韓国大統領選まであと3週間となったが、世論調査などによると革新系最大野党・共に民主党の李在明候補が依然として優勢だ。保守派を中心に李氏を「危険人物」と評する識者は多く、李大統領誕生後を悲観し、嘆く声も聞かれる。(ソウル上田勇実)

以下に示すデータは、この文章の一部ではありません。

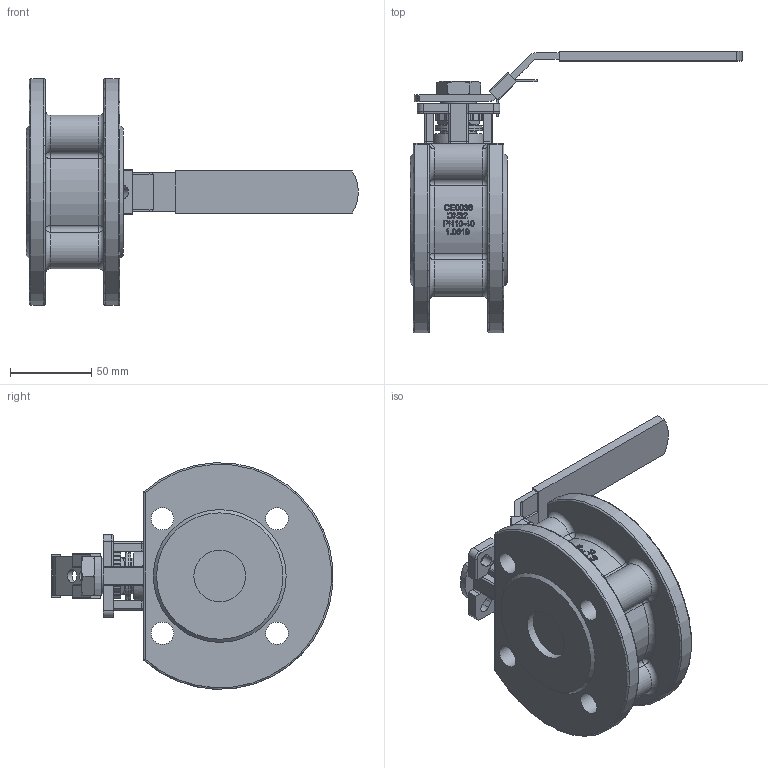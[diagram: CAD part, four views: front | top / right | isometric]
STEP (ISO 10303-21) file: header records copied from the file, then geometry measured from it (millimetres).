
FILE_DESCRIPTION(/* description */ ('Kugelhahn DN 32 handbetätigt - Konturvereinfachung'),/* implementation_level */ '2;1');
FILE_NAME(/* name */ '79-32-40.stp',/* time_stamp */ '2016-10-31T12:17:33+01:00',/* author */ ('sci'),/* organization */ (''),/* preprocessor_version */ 'ST-DEVELOPER v16.1',/* originating_system */ 'Autodesk Inventor 2016',/* authorisation */ '');
FILE_SCHEMA (('AUTOMOTIVE_DESIGN { 1 0 10303 214 3 1 1 }'));
Products named in the file (1): ENG-006100
Bounding box: 204.92 x 173.76 x 139.82 mm (x, y, z)
Volume: 600945.6 mm3; surface area: 100099.8 mm2
Topology: 3 solids, 3 shells, 1274 faces, 3617 edges, 2327 vertices
Faces by surface type: plane 530, cylinder 325, bspline 316, torus 54, cone 33, sphere 16
Full cylindrical faces by diameter (mm): 5 x4, 8 x2, 12.751 x1, 13.835 x4, 15 x1, 15.6 x4, 22 x2, 29 x2, 32 x2, 33 x1
Entity records: 108036 total; most frequent: CARTESIAN_POINT 76485, ORIENTED_EDGE 7088, DIRECTION 5031, EDGE_CURVE 3542, VERTEX_POINT 2300, LINE 1829, VECTOR 1829, AXIS2_PLACEMENT_3D 1601

「6月3日の大統領選で誰が当選有力なのかを話題にする人を見たことがない。なぜ関心がないのか。当選有力と当選確実の間を行き来する候補と彼がつくる国の姿を想像するのが嫌なのだろう」
保守系最大手紙の朝鮮日報は看板コラムで、李氏優勢の現状をこう嘆いた。コラムは「今回の選挙は普通ではない」とし、「5年、10年後に振り返り、いや1年、2年経験してみれば、あの時が最後のチャンスだったことを骨身に染みて感じるかもしれない選挙」とも指摘した。「李在明リスク」への尋常ならぬ危機感の表れと言える。

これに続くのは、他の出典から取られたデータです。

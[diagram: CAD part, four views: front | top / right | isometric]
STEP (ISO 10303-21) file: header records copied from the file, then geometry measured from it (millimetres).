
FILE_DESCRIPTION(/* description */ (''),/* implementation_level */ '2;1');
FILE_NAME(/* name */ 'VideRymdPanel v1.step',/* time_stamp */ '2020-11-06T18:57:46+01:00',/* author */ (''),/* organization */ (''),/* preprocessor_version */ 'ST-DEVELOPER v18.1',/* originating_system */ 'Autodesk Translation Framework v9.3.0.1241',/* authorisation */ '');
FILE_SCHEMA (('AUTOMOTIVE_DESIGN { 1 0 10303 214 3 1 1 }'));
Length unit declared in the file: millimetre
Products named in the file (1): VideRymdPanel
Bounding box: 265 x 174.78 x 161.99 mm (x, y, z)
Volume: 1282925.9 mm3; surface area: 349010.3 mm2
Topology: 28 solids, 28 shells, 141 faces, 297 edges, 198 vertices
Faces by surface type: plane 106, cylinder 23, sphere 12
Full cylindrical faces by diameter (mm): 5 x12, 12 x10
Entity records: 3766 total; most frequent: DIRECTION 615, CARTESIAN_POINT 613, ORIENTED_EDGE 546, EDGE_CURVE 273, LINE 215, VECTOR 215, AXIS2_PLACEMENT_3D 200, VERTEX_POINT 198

政府系シンクタンクの元トップは最近、九州の中小都市にある中古マンションの価格を調べていると友人に話した。「あんなに危険な人物が韓国の大統領になろうとすることを、国民は止めようとしないのか。移民を本気で考えるかもしれない」と心の内を明かしたという。
仮に李氏が大統領に当選したら、どんな世の中が到来するのか。一番多く指摘されるのは司法、立法、行政の三権をほぼ掌握してしまうことだ。

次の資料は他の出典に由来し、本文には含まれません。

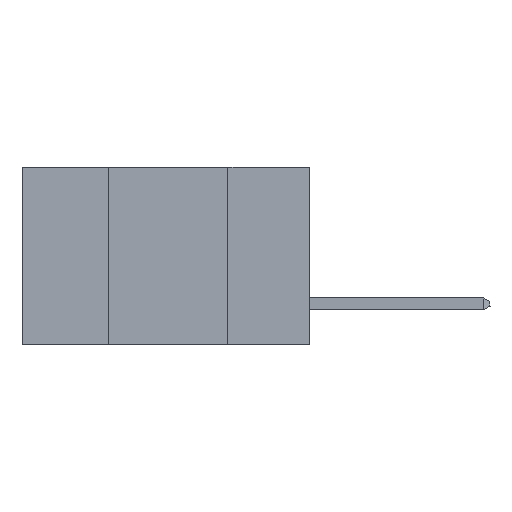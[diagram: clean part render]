
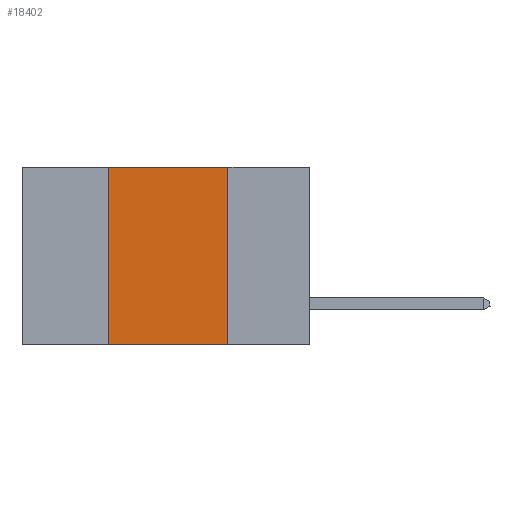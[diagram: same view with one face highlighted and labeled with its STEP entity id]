
A CAD part, left-side view. The second image highlights one B-rep face of the part: STEP entity #18402.
In plain terms, the highlighted planar face has unit normal (-1, 0, 0).
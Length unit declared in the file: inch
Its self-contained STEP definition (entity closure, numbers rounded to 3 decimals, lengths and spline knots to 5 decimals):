
#122 = LINE ( 'NONE', #4661, #8297 ) ;
#431 = ORIENTED_EDGE ( 'NONE', *, *, #13425, .T. ) ;
#481 = CARTESIAN_POINT ( 'NONE',  ( 0., 0.42, -0.37 ) ) ;
#1178 = EDGE_CURVE ( 'NONE', #16271, #7872, #7824, .T. ) ;
#1738 = CARTESIAN_POINT ( 'NONE',  ( 0., 0.17, 0. ) ) ;
#2197 = CARTESIAN_POINT ( 'NONE',  ( 0., 0.6, 0. ) ) ;
#2403 = DIRECTION ( 'NONE',  ( 0., 0., -1. ) ) ;
#3907 = LINE ( 'NONE', #8277, #10481 ) ;
#4625 = CARTESIAN_POINT ( 'NONE',  ( 0., 0.42, 0. ) ) ;
#4661 = CARTESIAN_POINT ( 'NONE',  ( 0., 0.42, 0. ) ) ;
#5290 = EDGE_CURVE ( 'NONE', #7872, #10107, #14698, .T. ) ;
#5949 = EDGE_CURVE ( 'NONE', #9032, #16271, #122, .T. ) ;
#6266 = FACE_OUTER_BOUND ( 'NONE', #15648, .T. ) ;
#6587 = DIRECTION ( 'NONE',  ( 0., -1., 0. ) ) ;
#7192 = VECTOR ( 'NONE', #2403, 39.37008 ) ;
#7824 = LINE ( 'NONE', #15523, #8030 ) ;
#7872 = VERTEX_POINT ( 'NONE', #1738 ) ;
#7989 = ORIENTED_EDGE ( 'NONE', *, *, #5949, .F. ) ;
#8030 = VECTOR ( 'NONE', #6587, 39.37008 ) ;
#8277 = CARTESIAN_POINT ( 'NONE',  ( 0., 0.6, -0.37 ) ) ;
#8297 = VECTOR ( 'NONE', #11640, 39.37008 ) ;
#9032 = VERTEX_POINT ( 'NONE', #481 ) ;
#9567 = PLANE ( 'NONE',  #16924 ) ;
#10107 = VERTEX_POINT ( 'NONE', #15156 ) ;
#10481 = VECTOR ( 'NONE', #14688, 39.37008 ) ;
#10756 = CARTESIAN_POINT ( 'NONE',  ( 0., 0.17, 0. ) ) ;
#10812 = DIRECTION ( 'NONE',  ( 1., 0., 0. ) ) ;
#11640 = DIRECTION ( 'NONE',  ( 0., 0., 1. ) ) ;
#13425 = EDGE_CURVE ( 'NONE', #9032, #10107, #3907, .T. ) ;
#13610 = ORIENTED_EDGE ( 'NONE', *, *, #5290, .F. ) ;
#14688 = DIRECTION ( 'NONE',  ( 0., -1., 0. ) ) ;
#14698 = LINE ( 'NONE', #10756, #7192 ) ;
#15156 = CARTESIAN_POINT ( 'NONE',  ( 0., 0.17, -0.37 ) ) ;
#15523 = CARTESIAN_POINT ( 'NONE',  ( 0., 0.6, 0. ) ) ;
#15648 = EDGE_LOOP ( 'NONE', ( #13610, #17707, #7989, #431 ) ) ;
#16271 = VERTEX_POINT ( 'NONE', #4625 ) ;
#16662 = DIRECTION ( 'NONE',  ( 0., 0., -1. ) ) ;
#16924 = AXIS2_PLACEMENT_3D ( 'NONE', #2197, #10812, #16662 ) ;
#17707 = ORIENTED_EDGE ( 'NONE', *, *, #1178, .F. ) ;
#18402 = ADVANCED_FACE ( 'NONE', ( #6266 ), #9567, .F. ) ;

司法のうち特に裁判所は、先月の尹錫悦大統領に対する弾劾裁判をまとめた文炯培・所長権限代行をはじめ、左翼理念の法曹団体「ウリ法研究会」などの出身者が幅を利かせ、すでに各種容疑で被疑者となっている李氏を巡り「無罪」の筋書きで動いている節もある。
国会は、昨年4月の総選挙で単独過半数を上回って圧勝した共に民主党が複数の革新系少数野党を友軍につけ、現在は300議席のうち与党・国民の力(108議席)と改革新党(3議席)を除く189議席を牛耳っている。改憲に必要な3分の2以上、200議席まであとわずかだ。
そして大統領になれば閣僚をはじめ行政府の人事は思いのままに行うことができる。前政権時に任命され、まだ任期途中の高官はそれらしき理由をつくって弾劾してしまえばいい。
李氏の左翼史観に警鐘を鳴らす専門家もいる。長年、国家情報院で左翼思想などの危険性を訴えてきた李熙天・元韓国国家情報大学院教授は「李氏の歴史観や思想、発言と行動を総合すると、自由民主主義体制を守る政治家とは言えない」と断言する。
李在明氏の著書「李在明、大韓民国 革命せよ」(2017年)には、李氏が夢見る国家像が登場する。「(解放から)70年ぶりに大清算と大転換を完了し、新しい大韓民国、真の民主共和国を完成させよう」という記述がそれで、ここには「保守派が主導してきた現在の韓国をなくすべきという発想」(李教授)が隠されているという。
そもそも李氏の背後には暴力団の影がちらついてきたのも事実だ。李氏が政治活動を始めた京畿道城南市に拠点を置く組織暴力団「国際マフィア派」には、李氏の甥(おい)2人がメンバーとして活動していたことや、李氏が弁護士時代に同派が関わる事件を何度も弁護したことなどが明らかになっている。
李氏は最近、自身の反日・反米のイメージを払拭(ふっしょく)する言動を繰り返しているが、改革新党の大統領候補、李俊錫氏は「李在明氏は右折の方向指示器を出しながら左折の準備をする人。こういう人は運転(大統領)をしてはならない。後からついてくる国民を危険にさらし、周辺国を驚かせる」と語っている。
一方、与党は候補一本化で迷走。党候補に選出された金文洙・前雇用労働相が当初の予想を覆して韓悳洙・前首相との早期一本化を拒否したことで、李氏に対抗できると期待された韓氏がリタイアし、与党は戦略練り直しを迫られた。
与党は「最も競争力の低い金氏が李在明氏に挑戦せざるを得なくなり、李俊錫氏との一本化が最後のチャンス」(厳坰煐・時代精神研究所所長)という瀬戸際に立たされている。